=== Assigned task ===
Every entry below needs to be repeated exactly as written.

#####

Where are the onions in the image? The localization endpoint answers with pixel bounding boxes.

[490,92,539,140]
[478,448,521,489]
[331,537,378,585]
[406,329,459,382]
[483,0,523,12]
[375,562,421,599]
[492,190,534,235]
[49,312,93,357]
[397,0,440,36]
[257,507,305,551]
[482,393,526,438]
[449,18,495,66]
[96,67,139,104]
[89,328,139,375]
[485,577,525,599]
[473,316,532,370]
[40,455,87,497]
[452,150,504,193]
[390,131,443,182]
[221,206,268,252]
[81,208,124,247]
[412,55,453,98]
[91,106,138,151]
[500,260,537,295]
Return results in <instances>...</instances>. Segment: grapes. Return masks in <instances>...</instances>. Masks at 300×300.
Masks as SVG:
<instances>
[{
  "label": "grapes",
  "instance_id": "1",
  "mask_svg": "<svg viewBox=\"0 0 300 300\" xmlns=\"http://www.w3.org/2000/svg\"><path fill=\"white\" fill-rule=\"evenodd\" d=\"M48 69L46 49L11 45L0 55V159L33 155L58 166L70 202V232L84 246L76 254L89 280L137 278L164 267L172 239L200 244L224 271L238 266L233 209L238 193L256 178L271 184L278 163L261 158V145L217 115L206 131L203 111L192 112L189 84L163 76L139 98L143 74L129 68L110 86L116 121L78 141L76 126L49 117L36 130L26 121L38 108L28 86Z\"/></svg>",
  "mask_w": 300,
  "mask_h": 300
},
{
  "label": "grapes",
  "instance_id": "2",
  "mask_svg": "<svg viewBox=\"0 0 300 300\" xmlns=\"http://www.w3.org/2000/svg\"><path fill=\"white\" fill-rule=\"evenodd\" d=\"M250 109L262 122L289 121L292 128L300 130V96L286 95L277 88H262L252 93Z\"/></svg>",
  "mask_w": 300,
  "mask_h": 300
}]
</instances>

#####

=== Your solution ===
Where are the onions in the image? The localization endpoint answers with pixel bounding boxes.

[490,92,539,140]
[478,448,521,489]
[331,537,378,585]
[406,329,459,382]
[483,0,523,12]
[375,562,421,599]
[492,190,534,235]
[49,312,93,357]
[397,0,440,36]
[257,507,305,551]
[482,393,526,438]
[449,18,495,66]
[96,67,139,104]
[89,328,139,375]
[485,577,525,599]
[473,316,532,370]
[40,455,87,497]
[452,150,504,193]
[390,131,443,182]
[221,206,268,252]
[81,208,124,247]
[412,55,453,98]
[91,106,138,151]
[500,260,537,295]
Return results in <instances>...</instances>. Segment: grapes. Return masks in <instances>...</instances>. Masks at 300×300.
Masks as SVG:
<instances>
[{
  "label": "grapes",
  "instance_id": "1",
  "mask_svg": "<svg viewBox=\"0 0 300 300\" xmlns=\"http://www.w3.org/2000/svg\"><path fill=\"white\" fill-rule=\"evenodd\" d=\"M48 69L46 49L11 45L0 55V159L33 155L58 166L70 202V232L84 246L76 254L89 280L137 278L164 267L172 239L200 244L224 271L238 266L233 209L238 193L256 178L271 184L278 163L261 158V145L217 115L206 131L203 111L192 112L189 84L163 76L139 98L143 74L129 68L110 86L116 121L78 141L76 126L49 117L36 130L26 121L38 108L28 86Z\"/></svg>",
  "mask_w": 300,
  "mask_h": 300
},
{
  "label": "grapes",
  "instance_id": "2",
  "mask_svg": "<svg viewBox=\"0 0 300 300\" xmlns=\"http://www.w3.org/2000/svg\"><path fill=\"white\" fill-rule=\"evenodd\" d=\"M250 109L262 122L289 121L292 128L300 130V96L286 95L277 88H262L252 93Z\"/></svg>",
  "mask_w": 300,
  "mask_h": 300
}]
</instances>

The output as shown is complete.